YARA rules take the form of 'rule rulename { condition: [whatever] }' and follow the
standard YARA rule syntax.
For example:
osquery> select * from yara_file where path = '/etc/passwd' and sigrule = 'rule always_true { condition: true }';
YARA rules don't have a line-terminating character. To enter a multi-line YARA rule, use newlines. This
even works in osqueryi:
osquery> select * from yara_file where path LIKE 'C:\tmp\%' and sigrule = 'rule hello_world {
...> strings:
...> $a = "Hello world"
...> condition: $a
...> }';
+------------------------------+-------------+-------+-----------+---------+---------+------+
| path | matches | count | sig_group | sigfile | strings | tags |
+------------------------------+-------------+-------+-----------+---------+---------+------+
| C:\tmp\New Text Document.txt | hello_world | 1 | | | | |
+------------------------------+-------------+-------+-----------+---------+---------+------+
Note: when entering a sigrule inline, be careful to avoid double-quoting the rule and then also a string
variable within the rule, as the second " will terminate the rule and cause a syntax error. In the example
above, the sigrule string has been single-quoted so the enclosed variable "Hello world" can be double-quoted.
Because allowing arbitrary YARA rules would also make it possible to retrieve arbitrary file data in the strings
column, as a protection, the strings column will default to returning empty unless you also set the hidden flag
enable_yara_string to true (its default is false).

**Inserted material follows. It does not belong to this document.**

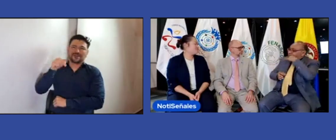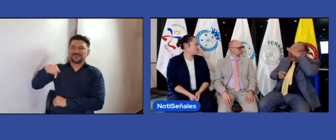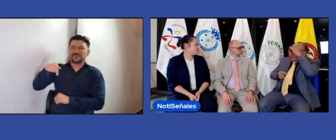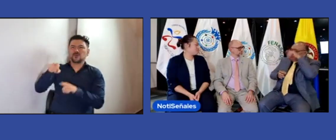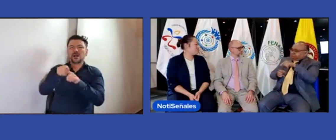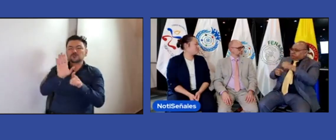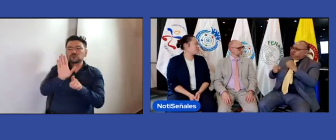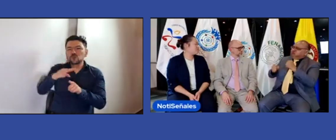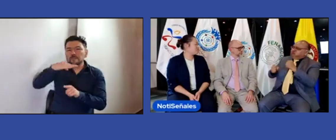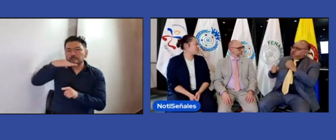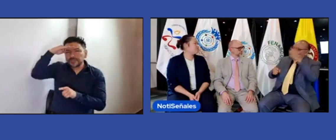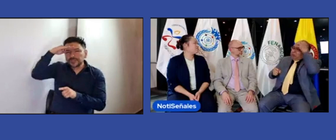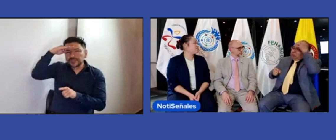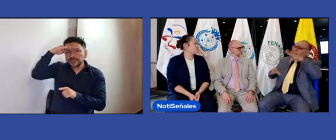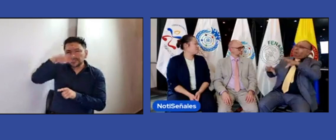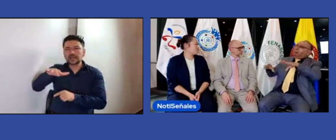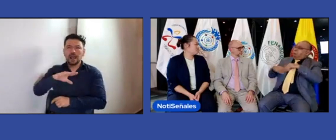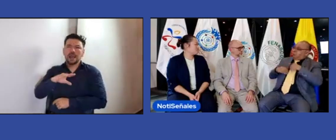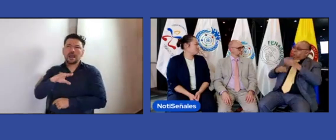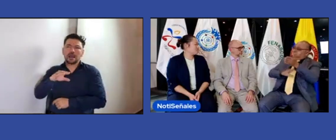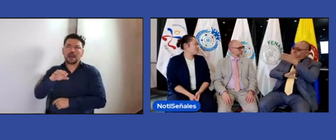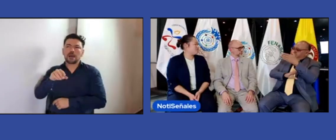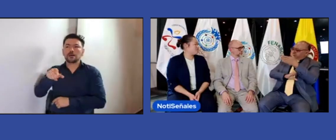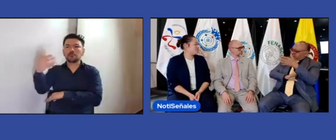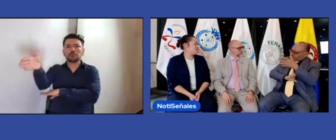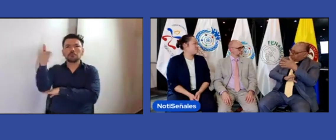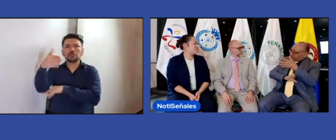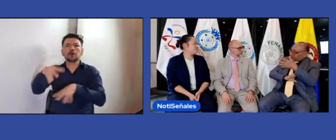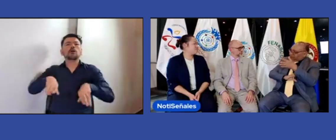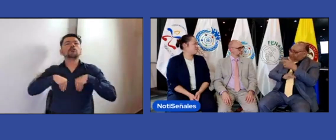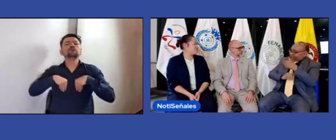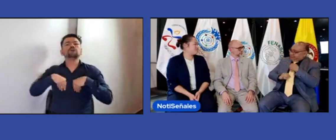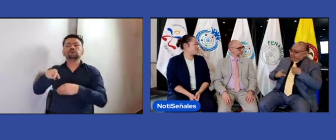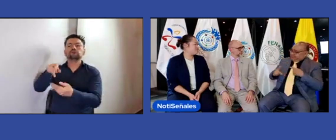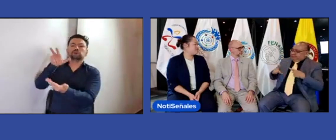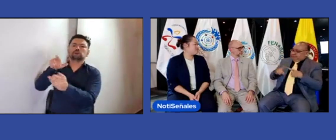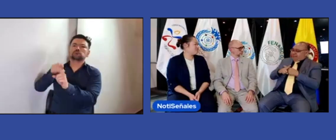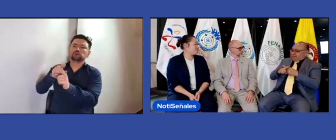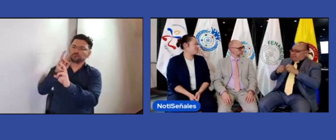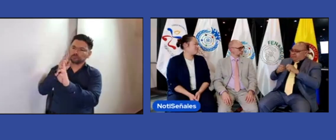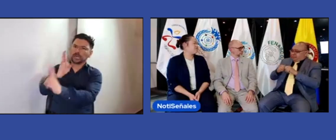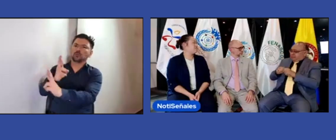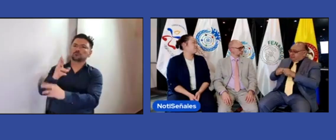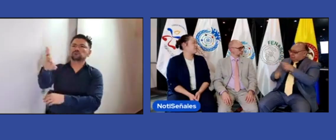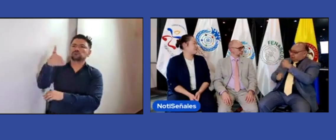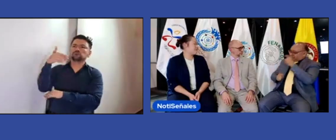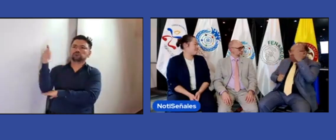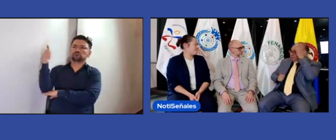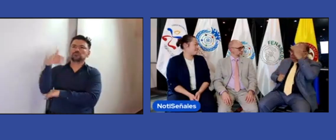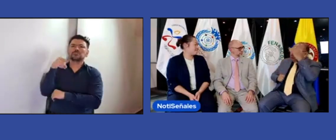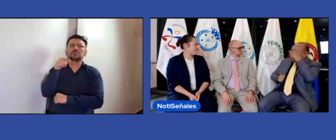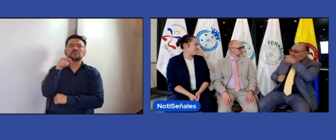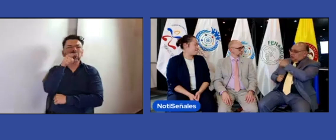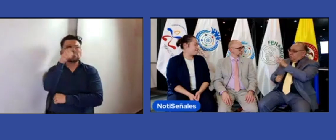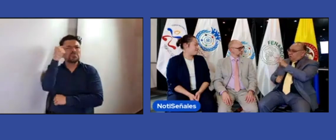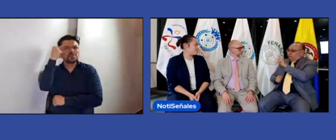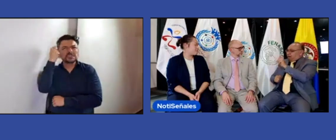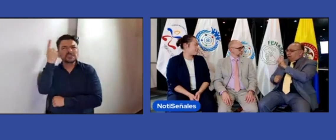pero si de pronto lo hace más bien desde una ciudad como Medellín, por ejemplo, no se le daría la representación colombiana, sino la representación a nivel

Before a YARA scan is performed, the YARA engine compiles the rule(s). An error here indicates there is probably an
issue with the YARA rule(s), but, the first thing to check is whether the same rule can be run with the YARA
command-line utility: yara64.exe myYaraRule.yar fileToScan.foo. You will be able to get more helpful messages
about the compile error. If, however, this actually works as intended, then perhaps you've found a bug! Please let
the osquery team know, on Slack or by opening an issue on GitHub.
At this time, osquery only supports loading plaintext YARA rules/signatures, which it compiles itself at runtime. If
these rules have already been compiled into their binary form (e.g. with the yarac CLI tool), osquery will
generate an error trying to load the rules.